北條、原口を辛抱強く起用し続けた金本監督の功績。
私は金本監督の藤浪晋太郎に対する懲罰的続投(7月8日の161球)は支持しないが、北條、原口、高山の抜擢は支持する。阪神が行ったこれほど急激な若手抜擢は私の記憶にない。それまでの歴代監督やフロントトップは「人気球団ゆえに常に優勝争いするチーム作りをしなければならない」と言い訳を用意し、ベテランに依存するチーム作りを続けてきた。
その結果、阪神は2リーグ制になった1950年以降、優勝5回、日本一1回という中途半端な成績しか残してこなかった。
3年以上在籍しながら一軍で実績を挙げられなかった北條、原口をレギュラーとして起用することの覚悟。とくに3年間育成選手だった原口を支配下登録し、その後レギュラーとして起用し続けるというのは、金本監督にしかできなかったことだと思う。
今オフの戦略は様相が一変する可能性がある。
8月27日現在、勝率.458で5位に甘んじている状況を見れば成果は上がっていないが、パ・リーグでは日本ハムがヒルマン監督に采配を託してから優勝するまで4年間、ソフトバンクが王貞治監督に采配を託してから優勝するまで5年間を要している。成果が出るまで時間はかかっても、それ以降優勝争いの中心的存在であり続ける、そういうチーム作り、体質作りを金本監督は任されたのではないか。

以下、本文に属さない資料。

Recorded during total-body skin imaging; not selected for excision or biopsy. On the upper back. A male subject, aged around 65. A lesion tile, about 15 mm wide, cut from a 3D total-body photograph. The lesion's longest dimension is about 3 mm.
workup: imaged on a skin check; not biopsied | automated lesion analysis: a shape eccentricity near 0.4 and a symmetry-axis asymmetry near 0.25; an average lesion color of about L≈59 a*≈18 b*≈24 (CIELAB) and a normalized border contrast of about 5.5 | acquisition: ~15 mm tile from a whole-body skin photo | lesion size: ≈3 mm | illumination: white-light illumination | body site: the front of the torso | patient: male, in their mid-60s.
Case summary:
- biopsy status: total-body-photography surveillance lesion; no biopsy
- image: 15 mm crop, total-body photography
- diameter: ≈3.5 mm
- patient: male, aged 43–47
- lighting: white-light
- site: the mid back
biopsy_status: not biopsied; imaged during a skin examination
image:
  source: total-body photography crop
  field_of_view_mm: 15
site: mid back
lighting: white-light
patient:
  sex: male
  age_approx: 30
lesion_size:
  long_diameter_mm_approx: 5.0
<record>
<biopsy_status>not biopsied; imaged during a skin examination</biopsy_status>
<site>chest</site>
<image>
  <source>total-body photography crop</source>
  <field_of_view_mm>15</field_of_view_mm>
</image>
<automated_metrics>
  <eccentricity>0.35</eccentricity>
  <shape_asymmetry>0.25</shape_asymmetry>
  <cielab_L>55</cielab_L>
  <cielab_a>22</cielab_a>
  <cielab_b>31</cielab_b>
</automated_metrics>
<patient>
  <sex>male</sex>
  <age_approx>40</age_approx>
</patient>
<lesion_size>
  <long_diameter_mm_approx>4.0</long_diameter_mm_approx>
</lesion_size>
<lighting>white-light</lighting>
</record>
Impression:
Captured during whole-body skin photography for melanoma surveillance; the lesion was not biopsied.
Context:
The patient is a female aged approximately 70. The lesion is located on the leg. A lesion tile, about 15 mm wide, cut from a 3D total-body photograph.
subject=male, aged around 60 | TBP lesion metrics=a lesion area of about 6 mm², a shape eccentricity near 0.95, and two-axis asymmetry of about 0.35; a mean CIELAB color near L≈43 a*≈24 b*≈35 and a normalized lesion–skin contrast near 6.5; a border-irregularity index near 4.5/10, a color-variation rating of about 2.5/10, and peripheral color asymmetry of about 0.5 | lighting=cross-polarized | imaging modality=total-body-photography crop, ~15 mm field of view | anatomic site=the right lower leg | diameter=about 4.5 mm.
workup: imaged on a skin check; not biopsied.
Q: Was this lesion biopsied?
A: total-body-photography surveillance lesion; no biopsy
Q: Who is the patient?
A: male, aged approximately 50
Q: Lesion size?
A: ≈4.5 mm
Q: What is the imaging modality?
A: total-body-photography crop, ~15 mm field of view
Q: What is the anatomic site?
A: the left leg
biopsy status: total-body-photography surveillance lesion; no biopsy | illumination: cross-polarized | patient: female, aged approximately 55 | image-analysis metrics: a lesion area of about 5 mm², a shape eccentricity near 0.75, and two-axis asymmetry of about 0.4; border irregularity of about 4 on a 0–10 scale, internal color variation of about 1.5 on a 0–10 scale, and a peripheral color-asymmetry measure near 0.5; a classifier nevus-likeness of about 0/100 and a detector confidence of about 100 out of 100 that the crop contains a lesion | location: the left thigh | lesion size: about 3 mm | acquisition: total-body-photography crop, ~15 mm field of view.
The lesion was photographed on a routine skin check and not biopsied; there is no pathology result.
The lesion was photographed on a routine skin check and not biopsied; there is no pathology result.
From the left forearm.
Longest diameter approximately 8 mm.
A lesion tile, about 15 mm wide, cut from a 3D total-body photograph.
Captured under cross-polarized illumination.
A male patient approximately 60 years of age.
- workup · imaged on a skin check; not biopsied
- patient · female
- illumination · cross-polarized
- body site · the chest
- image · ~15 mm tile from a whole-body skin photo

8月28日のデイリースポーツonlineによると試合前4時間に及ぶ拡大編成会議を開き、FA戦略、外国人、ドラフト戦略など、議題が多岐にわたったと報じられている。この記事で非常に気になったのが「初年度は野手の補強を最低限にとどめるなど『若手育成』を重視した金本監督の強い意向が通った形だが、今オフの戦略は様相が一変する可能性がある」という箇所である。